BAKERSFIELD, Calif. (KBAK/KBFX) - Every night at 9, Bird scooters get picked up by dozens of people who get paid to recharge the batteries overnight, but competition has become so aggressive, it's led some chargers to quit.

Adrian Gonzales-Rios started charging Bird scooters the day after they arrived in Bakersfield, earning as much as $140 in a week.

"I just started grabbing them and charging them," Gonzalez-Rios said. "So, pretty much since then, it's been going pretty well."

He's able to locate scooters that need to be recharged using the Bird App. The more drained a scooter's battery is, the more money he can make charging it. But he's seen other chargers around town hoarding battery-depleted scooters at their homes and businesses all day, so by night they can charge them at a premium.

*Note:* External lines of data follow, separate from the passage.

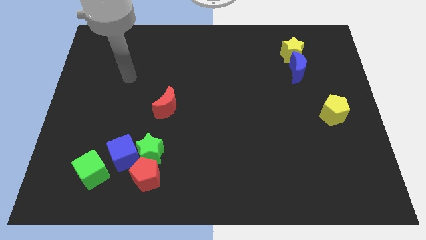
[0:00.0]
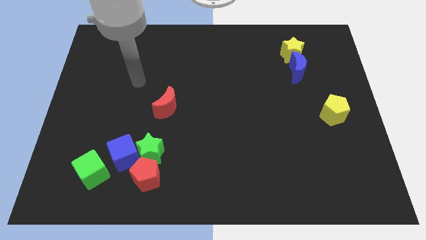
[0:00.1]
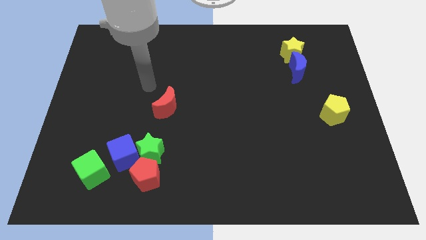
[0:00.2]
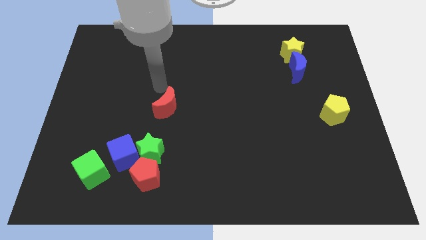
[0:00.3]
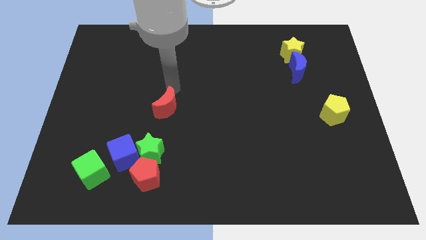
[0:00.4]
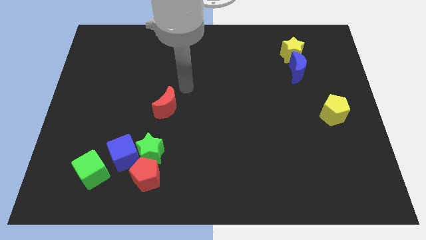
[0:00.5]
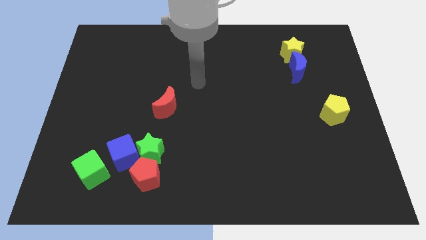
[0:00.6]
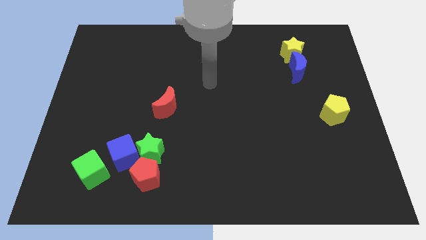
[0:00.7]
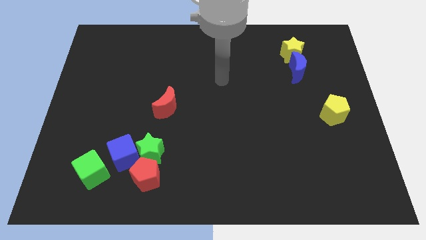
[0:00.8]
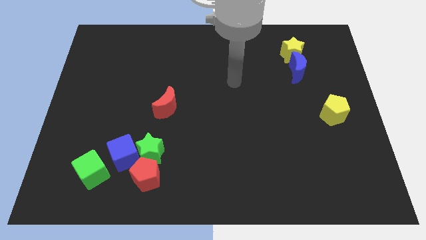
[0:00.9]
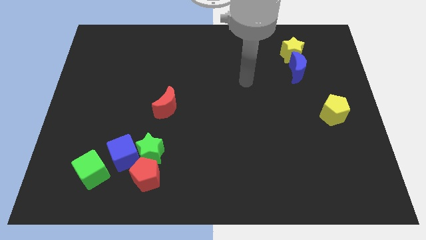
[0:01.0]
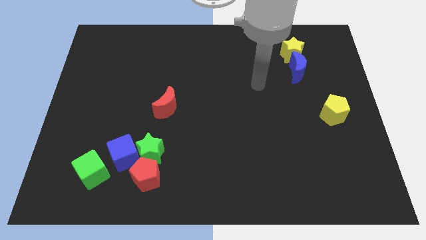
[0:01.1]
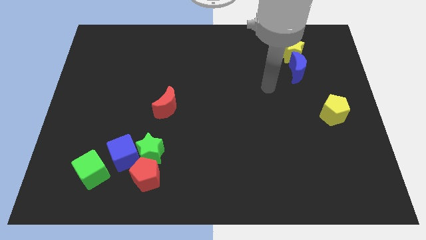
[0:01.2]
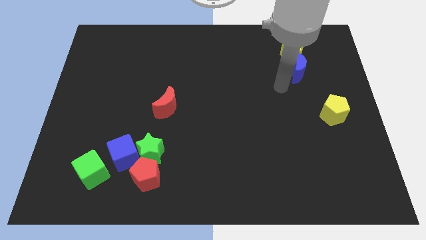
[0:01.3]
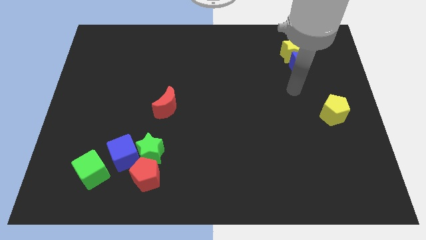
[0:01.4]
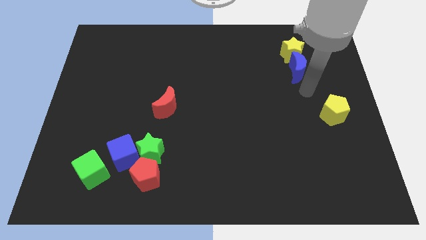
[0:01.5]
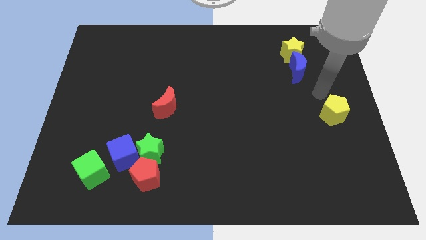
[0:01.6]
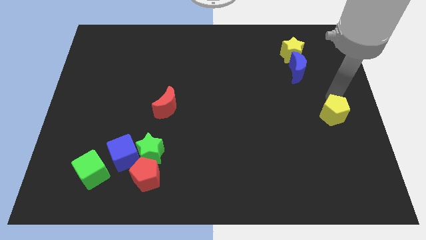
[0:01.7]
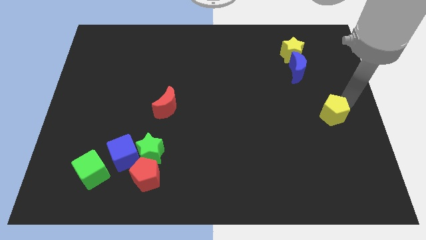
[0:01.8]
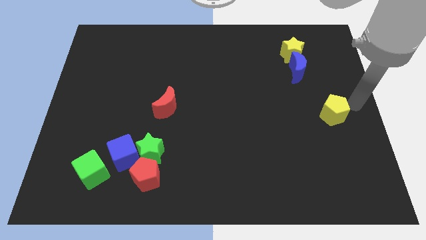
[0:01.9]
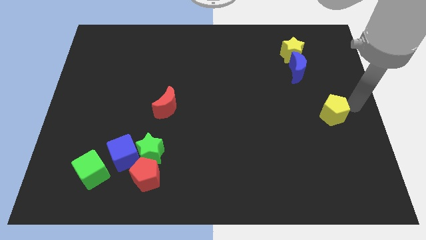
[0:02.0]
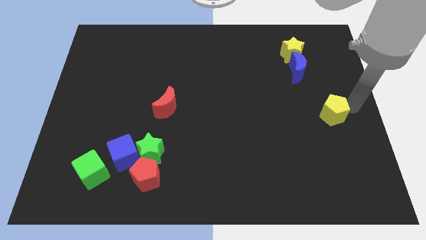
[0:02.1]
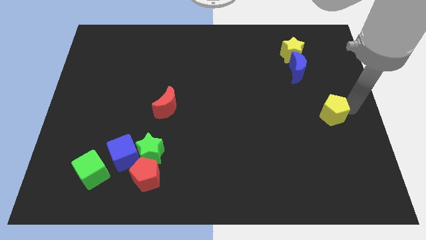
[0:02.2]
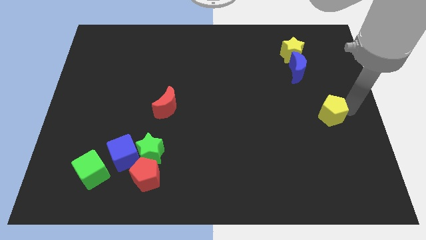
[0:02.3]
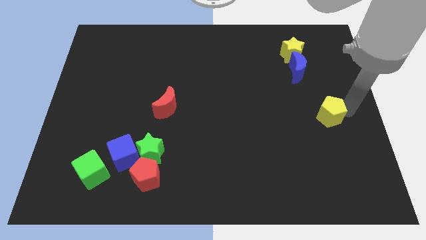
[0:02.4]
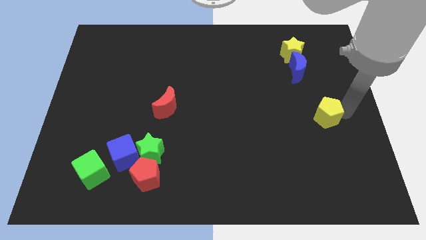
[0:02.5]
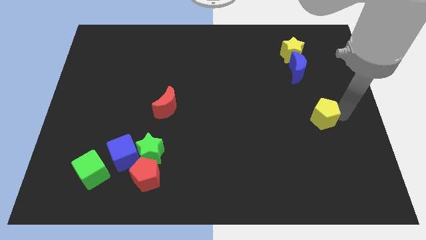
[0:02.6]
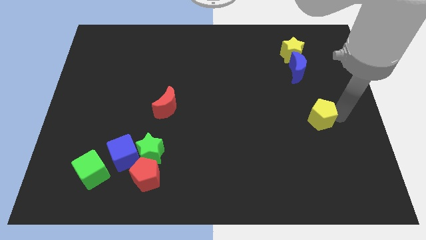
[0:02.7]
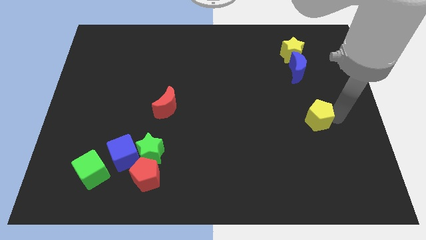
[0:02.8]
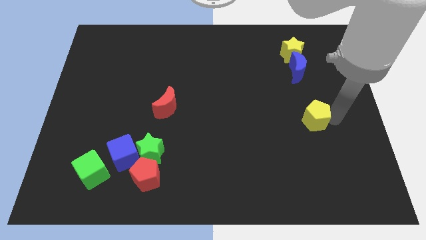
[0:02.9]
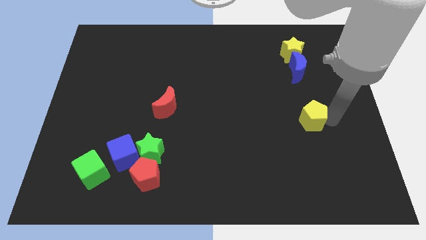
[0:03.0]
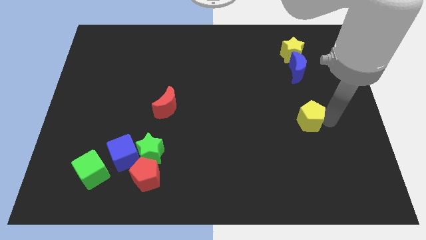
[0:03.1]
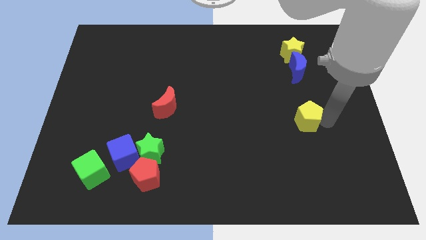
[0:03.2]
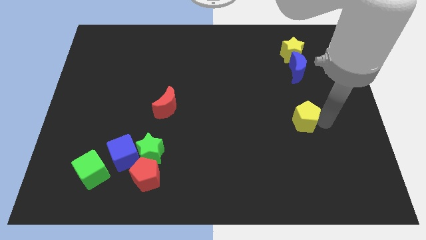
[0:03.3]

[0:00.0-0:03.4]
push the yellow pentagon a little to the left

"Today I went to go pick up a a couple scooters and some guy had, probably like, like 10 to 15 scooters just sitting outside," Gonzalez-Rios said, referring to one person he suspects of hoarding.

Scooter charging has already become so competitive in Bakersfield, Carlos Encinas quit after his first attempt.

"It was a waste of time, a waste of gas, and I'm taking a chance of maybe getting a speeding ticket," Encinas said. "I'm trying to make money, not lose money."

He said by 9 p.m., so many chargers are trying to pick up the same scooter, it starts fights.

"You'll have five or six cars at the same spot all trying to maneuver their way in," Encinas said. "It can start an argument."

Gonzalez- Rios agrees it's extremely competitive, but hopes more Bird chargers keep it friendly on the road.

"Just drive safe, because a lot of people are crazy out there," he said.